## THE RECORDS
########
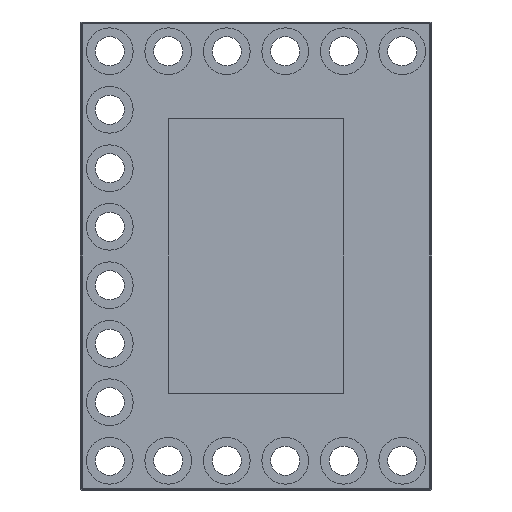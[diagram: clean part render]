
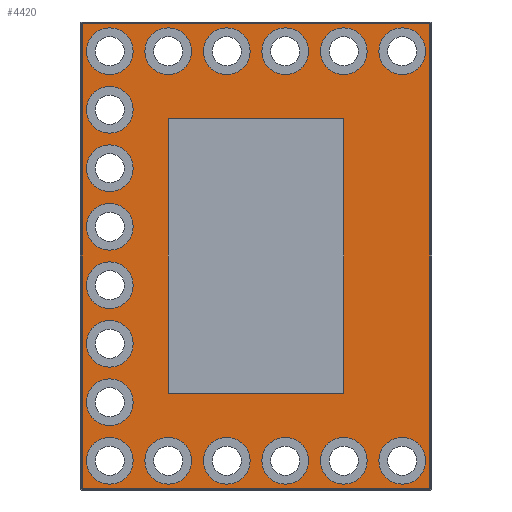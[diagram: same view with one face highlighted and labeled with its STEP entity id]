
A CAD part, front view. The second image highlights one B-rep face of the part: STEP entity #4420.
In plain terms, the highlighted planar face has unit normal (0, -1, 0).
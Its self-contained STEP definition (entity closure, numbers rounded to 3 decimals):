
#18=FACE_BOUND('',#1506,.T.);
#19=FACE_BOUND('',#1507,.T.);
#20=FACE_BOUND('',#1508,.T.);
#21=FACE_BOUND('',#1509,.T.);
#22=FACE_BOUND('',#1510,.T.);
#23=FACE_BOUND('',#1511,.T.);
#24=FACE_BOUND('',#1512,.T.);
#25=FACE_BOUND('',#1513,.T.);
#26=FACE_BOUND('',#1514,.T.);
#27=FACE_BOUND('',#1515,.T.);
#28=FACE_BOUND('',#1516,.T.);
#29=FACE_BOUND('',#1517,.T.);
#30=FACE_BOUND('',#1518,.T.);
#31=FACE_BOUND('',#1519,.T.);
#32=FACE_BOUND('',#1520,.T.);
#33=FACE_BOUND('',#1521,.T.);
#34=FACE_BOUND('',#1522,.T.);
#35=FACE_BOUND('',#1523,.T.);
#36=FACE_BOUND('',#1524,.T.);
#80=PLANE('',#4693);
#250=LINE('',#6430,#721);
#253=LINE('',#6441,#724);
#257=LINE('',#6457,#728);
#261=LINE('',#6466,#732);
#268=LINE('',#6522,#739);
#269=LINE('',#6524,#740);
#270=LINE('',#6526,#741);
#271=LINE('',#6527,#742);
#721=VECTOR('',#5109,10.);
#724=VECTOR('',#5122,10.);
#728=VECTOR('',#5140,10.);
#732=VECTOR('',#5150,10.);
#739=VECTOR('',#5207,30.);
#740=VECTOR('',#5208,47.);
#741=VECTOR('',#5209,30.);
#742=VECTOR('',#5210,47.);
#1268=FACE_OUTER_BOUND('',#1505,.T.);
#1505=EDGE_LOOP('',(#3134,#3135,#3136,#3137));
#1506=EDGE_LOOP('',(#3138));
#1507=EDGE_LOOP('',(#3139));
#1508=EDGE_LOOP('',(#3140));
#1509=EDGE_LOOP('',(#3141));
#1510=EDGE_LOOP('',(#3142));
#1511=EDGE_LOOP('',(#3143));
#1512=EDGE_LOOP('',(#3144));
#1513=EDGE_LOOP('',(#3145));
#1514=EDGE_LOOP('',(#3146));
#1515=EDGE_LOOP('',(#3147));
#1516=EDGE_LOOP('',(#3148));
#1517=EDGE_LOOP('',(#3149));
#1518=EDGE_LOOP('',(#3150));
#1519=EDGE_LOOP('',(#3151));
#1520=EDGE_LOOP('',(#3152));
#1521=EDGE_LOOP('',(#3153));
#1522=EDGE_LOOP('',(#3154));
#1523=EDGE_LOOP('',(#3155));
#1524=EDGE_LOOP('',(#3156,#3157,#3158,#3159));
#1800=CIRCLE('',#4694,4.);
#1801=CIRCLE('',#4695,4.);
#1802=CIRCLE('',#4696,4.);
#1803=CIRCLE('',#4697,4.);
#1804=CIRCLE('',#4698,4.);
#1805=CIRCLE('',#4699,4.);
#1806=CIRCLE('',#4700,4.);
#1807=CIRCLE('',#4701,4.);
#1808=CIRCLE('',#4702,4.);
#1809=CIRCLE('',#4703,4.);
#1810=CIRCLE('',#4704,4.);
#1811=CIRCLE('',#4705,4.);
#1812=CIRCLE('',#4706,4.);
#1813=CIRCLE('',#4707,4.);
#1814=CIRCLE('',#4708,4.);
#1815=CIRCLE('',#4709,4.);
#1816=CIRCLE('',#4710,4.);
#1817=CIRCLE('',#4711,4.);
#1973=VERTEX_POINT('',#6416);
#1978=VERTEX_POINT('',#6426);
#1979=VERTEX_POINT('',#6433);
#1984=VERTEX_POINT('',#6449);
#1993=VERTEX_POINT('',#6484);
#1994=VERTEX_POINT('',#6486);
#1995=VERTEX_POINT('',#6488);
#1996=VERTEX_POINT('',#6490);
#1997=VERTEX_POINT('',#6492);
#1998=VERTEX_POINT('',#6494);
#1999=VERTEX_POINT('',#6496);
#2000=VERTEX_POINT('',#6498);
#2001=VERTEX_POINT('',#6500);
#2002=VERTEX_POINT('',#6502);
#2003=VERTEX_POINT('',#6504);
#2004=VERTEX_POINT('',#6506);
#2005=VERTEX_POINT('',#6508);
#2006=VERTEX_POINT('',#6510);
#2007=VERTEX_POINT('',#6512);
#2008=VERTEX_POINT('',#6514);
#2009=VERTEX_POINT('',#6516);
#2010=VERTEX_POINT('',#6518);
#2011=VERTEX_POINT('',#6520);
#2012=VERTEX_POINT('',#6521);
#2013=VERTEX_POINT('',#6523);
#2014=VERTEX_POINT('',#6525);
#2428=EDGE_CURVE('',#1973,#1978,#250,.T.);
#2434=EDGE_CURVE('',#1979,#1973,#253,.T.);
#2442=EDGE_CURVE('',#1984,#1979,#257,.T.);
#2447=EDGE_CURVE('',#1978,#1984,#261,.T.);
#2456=EDGE_CURVE('',#1993,#1993,#1800,.T.);
#2457=EDGE_CURVE('',#1994,#1994,#1801,.T.);
#2458=EDGE_CURVE('',#1995,#1995,#1802,.T.);
#2459=EDGE_CURVE('',#1996,#1996,#1803,.T.);
#2460=EDGE_CURVE('',#1997,#1997,#1804,.T.);
#2461=EDGE_CURVE('',#1998,#1998,#1805,.T.);
#2462=EDGE_CURVE('',#1999,#1999,#1806,.T.);
#2463=EDGE_CURVE('',#2000,#2000,#1807,.T.);
#2464=EDGE_CURVE('',#2001,#2001,#1808,.T.);
#2465=EDGE_CURVE('',#2002,#2002,#1809,.T.);
#2466=EDGE_CURVE('',#2003,#2003,#1810,.T.);
#2467=EDGE_CURVE('',#2004,#2004,#1811,.T.);
#2468=EDGE_CURVE('',#2005,#2005,#1812,.T.);
#2469=EDGE_CURVE('',#2006,#2006,#1813,.T.);
#2470=EDGE_CURVE('',#2007,#2007,#1814,.T.);
#2471=EDGE_CURVE('',#2008,#2008,#1815,.T.);
#2472=EDGE_CURVE('',#2009,#2009,#1816,.T.);
#2473=EDGE_CURVE('',#2010,#2010,#1817,.T.);
#2474=EDGE_CURVE('',#2011,#2012,#268,.T.);
#2475=EDGE_CURVE('',#2013,#2011,#269,.T.);
#2476=EDGE_CURVE('',#2014,#2013,#270,.T.);
#2477=EDGE_CURVE('',#2012,#2014,#271,.T.);
#3134=ORIENTED_EDGE('',*,*,#2428,.F.);
#3135=ORIENTED_EDGE('',*,*,#2434,.F.);
#3136=ORIENTED_EDGE('',*,*,#2442,.F.);
#3137=ORIENTED_EDGE('',*,*,#2447,.F.);
#3138=ORIENTED_EDGE('',*,*,#2456,.T.);
#3139=ORIENTED_EDGE('',*,*,#2457,.T.);
#3140=ORIENTED_EDGE('',*,*,#2458,.T.);
#3141=ORIENTED_EDGE('',*,*,#2459,.T.);
#3142=ORIENTED_EDGE('',*,*,#2460,.T.);
#3143=ORIENTED_EDGE('',*,*,#2461,.T.);
#3144=ORIENTED_EDGE('',*,*,#2462,.T.);
#3145=ORIENTED_EDGE('',*,*,#2463,.T.);
#3146=ORIENTED_EDGE('',*,*,#2464,.T.);
#3147=ORIENTED_EDGE('',*,*,#2465,.T.);
#3148=ORIENTED_EDGE('',*,*,#2466,.T.);
#3149=ORIENTED_EDGE('',*,*,#2467,.T.);
#3150=ORIENTED_EDGE('',*,*,#2468,.T.);
#3151=ORIENTED_EDGE('',*,*,#2469,.T.);
#3152=ORIENTED_EDGE('',*,*,#2470,.T.);
#3153=ORIENTED_EDGE('',*,*,#2471,.T.);
#3154=ORIENTED_EDGE('',*,*,#2472,.T.);
#3155=ORIENTED_EDGE('',*,*,#2473,.T.);
#3156=ORIENTED_EDGE('',*,*,#2474,.F.);
#3157=ORIENTED_EDGE('',*,*,#2475,.F.);
#3158=ORIENTED_EDGE('',*,*,#2476,.F.);
#3159=ORIENTED_EDGE('',*,*,#2477,.F.);
#4420=ADVANCED_FACE('',(#1268,#18,#19,#20,#21,#22,#23,#24,#25,#26,#27,#28,
#29,#30,#31,#32,#33,#34,#35,#36),#80,.F.);
#4693=AXIS2_PLACEMENT_3D('',#6483,#5169,#5170);
#4694=AXIS2_PLACEMENT_3D('',#6485,#5171,#5172);
#4695=AXIS2_PLACEMENT_3D('',#6487,#5173,#5174);
#4696=AXIS2_PLACEMENT_3D('',#6489,#5175,#5176);
#4697=AXIS2_PLACEMENT_3D('',#6491,#5177,#5178);
#4698=AXIS2_PLACEMENT_3D('',#6493,#5179,#5180);
#4699=AXIS2_PLACEMENT_3D('',#6495,#5181,#5182);
#4700=AXIS2_PLACEMENT_3D('',#6497,#5183,#5184);
#4701=AXIS2_PLACEMENT_3D('',#6499,#5185,#5186);
#4702=AXIS2_PLACEMENT_3D('',#6501,#5187,#5188);
#4703=AXIS2_PLACEMENT_3D('',#6503,#5189,#5190);
#4704=AXIS2_PLACEMENT_3D('',#6505,#5191,#5192);
#4705=AXIS2_PLACEMENT_3D('',#6507,#5193,#5194);
#4706=AXIS2_PLACEMENT_3D('',#6509,#5195,#5196);
#4707=AXIS2_PLACEMENT_3D('',#6511,#5197,#5198);
#4708=AXIS2_PLACEMENT_3D('',#6513,#5199,#5200);
#4709=AXIS2_PLACEMENT_3D('',#6515,#5201,#5202);
#4710=AXIS2_PLACEMENT_3D('',#6517,#5203,#5204);
#4711=AXIS2_PLACEMENT_3D('',#6519,#5205,#5206);
#5109=DIRECTION('',(-1.,0.,0.));
#5122=DIRECTION('',(0.,0.,-1.));
#5140=DIRECTION('',(1.,0.,0.));
#5150=DIRECTION('',(0.,0.,1.));
#5169=DIRECTION('center_axis',(0.,1.,0.));
#5170=DIRECTION('ref_axis',(0.,0.,1.));
#5171=DIRECTION('center_axis',(0.,1.,0.));
#5172=DIRECTION('ref_axis',(0.,0.,1.));
#5173=DIRECTION('center_axis',(0.,1.,0.));
#5174=DIRECTION('ref_axis',(0.,0.,1.));
#5175=DIRECTION('center_axis',(0.,1.,0.));
#5176=DIRECTION('ref_axis',(0.,0.,1.));
#5177=DIRECTION('center_axis',(0.,1.,0.));
#5178=DIRECTION('ref_axis',(0.,0.,1.));
#5179=DIRECTION('center_axis',(0.,1.,0.));
#5180=DIRECTION('ref_axis',(0.,0.,1.));
#5181=DIRECTION('center_axis',(0.,1.,0.));
#5182=DIRECTION('ref_axis',(0.,0.,1.));
#5183=DIRECTION('center_axis',(0.,1.,0.));
#5184=DIRECTION('ref_axis',(0.,0.,1.));
#5185=DIRECTION('center_axis',(0.,1.,0.));
#5186=DIRECTION('ref_axis',(0.,0.,1.));
#5187=DIRECTION('center_axis',(0.,1.,0.));
#5188=DIRECTION('ref_axis',(0.,0.,1.));
#5189=DIRECTION('center_axis',(0.,1.,0.));
#5190=DIRECTION('ref_axis',(0.,0.,1.));
#5191=DIRECTION('center_axis',(0.,1.,0.));
#5192=DIRECTION('ref_axis',(0.,0.,1.));
#5193=DIRECTION('center_axis',(0.,1.,0.));
#5194=DIRECTION('ref_axis',(0.,0.,1.));
#5195=DIRECTION('center_axis',(0.,1.,0.));
#5196=DIRECTION('ref_axis',(0.,0.,1.));
#5197=DIRECTION('center_axis',(0.,1.,0.));
#5198=DIRECTION('ref_axis',(0.,0.,1.));
#5199=DIRECTION('center_axis',(0.,1.,0.));
#5200=DIRECTION('ref_axis',(0.,0.,1.));
#5201=DIRECTION('center_axis',(0.,1.,0.));
#5202=DIRECTION('ref_axis',(0.,0.,1.));
#5203=DIRECTION('center_axis',(0.,1.,0.));
#5204=DIRECTION('ref_axis',(0.,0.,1.));
#5205=DIRECTION('center_axis',(0.,1.,0.));
#5206=DIRECTION('ref_axis',(0.,0.,1.));
#5207=DIRECTION('',(1.,0.,0.));
#5208=DIRECTION('',(0.,0.,-1.));
#5209=DIRECTION('',(-1.,0.,0.));
#5210=DIRECTION('',(0.,0.,1.));
#6416=CARTESIAN_POINT('',(-60.269,0.,-39.731));
#6426=CARTESIAN_POINT('',(-119.731,0.,-39.731));
#6430=CARTESIAN_POINT('',(-120.605,0.,-39.731));
#6433=CARTESIAN_POINT('',(-60.269,0.,39.731));
#6441=CARTESIAN_POINT('',(-60.269,0.,35.45));
#6449=CARTESIAN_POINT('',(-119.731,0.,39.731));
#6457=CARTESIAN_POINT('',(-29.395,0.,39.731));
#6466=CARTESIAN_POINT('',(-119.731,0.,112.716));
#6483=CARTESIAN_POINT('Origin',(-120.,0.,112.111));
#6484=CARTESIAN_POINT('',(-105.,0.,39.));
#6485=CARTESIAN_POINT('Origin',(-105.,0.,35.));
#6486=CARTESIAN_POINT('',(-115.,0.,-31.));
#6487=CARTESIAN_POINT('Origin',(-115.,0.,-35.));
#6488=CARTESIAN_POINT('',(-115.,0.,-21.));
#6489=CARTESIAN_POINT('Origin',(-115.,0.,-25.));
#6490=CARTESIAN_POINT('',(-115.,0.,-11.));
#6491=CARTESIAN_POINT('Origin',(-115.,0.,-15.));
#6492=CARTESIAN_POINT('',(-115.,0.,-1.));
#6493=CARTESIAN_POINT('Origin',(-115.,0.,-5.));
#6494=CARTESIAN_POINT('',(-115.,0.,9.));
#6495=CARTESIAN_POINT('Origin',(-115.,0.,5.));
#6496=CARTESIAN_POINT('',(-115.,0.,19.));
#6497=CARTESIAN_POINT('Origin',(-115.,0.,15.));
#6498=CARTESIAN_POINT('',(-115.,0.,29.));
#6499=CARTESIAN_POINT('Origin',(-115.,0.,25.));
#6500=CARTESIAN_POINT('',(-105.,0.,-31.));
#6501=CARTESIAN_POINT('Origin',(-105.,0.,-35.));
#6502=CARTESIAN_POINT('',(-95.,0.,-31.));
#6503=CARTESIAN_POINT('Origin',(-95.,0.,-35.));
#6504=CARTESIAN_POINT('',(-85.,0.,-31.));
#6505=CARTESIAN_POINT('Origin',(-85.,0.,-35.));
#6506=CARTESIAN_POINT('',(-75.,0.,-31.));
#6507=CARTESIAN_POINT('Origin',(-75.,0.,-35.));
#6508=CARTESIAN_POINT('',(-65.,0.,-31.));
#6509=CARTESIAN_POINT('Origin',(-65.,0.,-35.));
#6510=CARTESIAN_POINT('',(-115.,0.,39.));
#6511=CARTESIAN_POINT('Origin',(-115.,0.,35.));
#6512=CARTESIAN_POINT('',(-95.,0.,39.));
#6513=CARTESIAN_POINT('Origin',(-95.,0.,35.));
#6514=CARTESIAN_POINT('',(-85.,0.,39.));
#6515=CARTESIAN_POINT('Origin',(-85.,0.,35.));
#6516=CARTESIAN_POINT('',(-75.,0.,39.));
#6517=CARTESIAN_POINT('Origin',(-75.,0.,35.));
#6518=CARTESIAN_POINT('',(-65.,0.,39.));
#6519=CARTESIAN_POINT('Origin',(-65.,0.,35.));
#6520=CARTESIAN_POINT('',(-105.,0.,-23.5));
#6521=CARTESIAN_POINT('',(-75.,0.,-23.5));
#6522=CARTESIAN_POINT('',(-105.,0.,-23.5));
#6523=CARTESIAN_POINT('',(-105.,0.,23.5));
#6524=CARTESIAN_POINT('',(-105.,0.,23.5));
#6525=CARTESIAN_POINT('',(-75.,0.,23.5));
#6526=CARTESIAN_POINT('',(-75.,0.,23.5));
#6527=CARTESIAN_POINT('',(-75.,0.,-23.5));
########
## WHAT TO DO
From the material above, set down exactly the lines between the line holding "#1979=VERTEX_POINT('',#6433);" and the line holding "#2008=VERTEX_POINT('',#6514);", inclusive. Include nothing else.

## ANSWER TO THIS PROBLEM
#1979=VERTEX_POINT('',#6433);
#1984=VERTEX_POINT('',#6449);
#1993=VERTEX_POINT('',#6484);
#1994=VERTEX_POINT('',#6486);
#1995=VERTEX_POINT('',#6488);
#1996=VERTEX_POINT('',#6490);
#1997=VERTEX_POINT('',#6492);
#1998=VERTEX_POINT('',#6494);
#1999=VERTEX_POINT('',#6496);
#2000=VERTEX_POINT('',#6498);
#2001=VERTEX_POINT('',#6500);
#2002=VERTEX_POINT('',#6502);
#2003=VERTEX_POINT('',#6504);
#2004=VERTEX_POINT('',#6506);
#2005=VERTEX_POINT('',#6508);
#2006=VERTEX_POINT('',#6510);
#2007=VERTEX_POINT('',#6512);
#2008=VERTEX_POINT('',#6514);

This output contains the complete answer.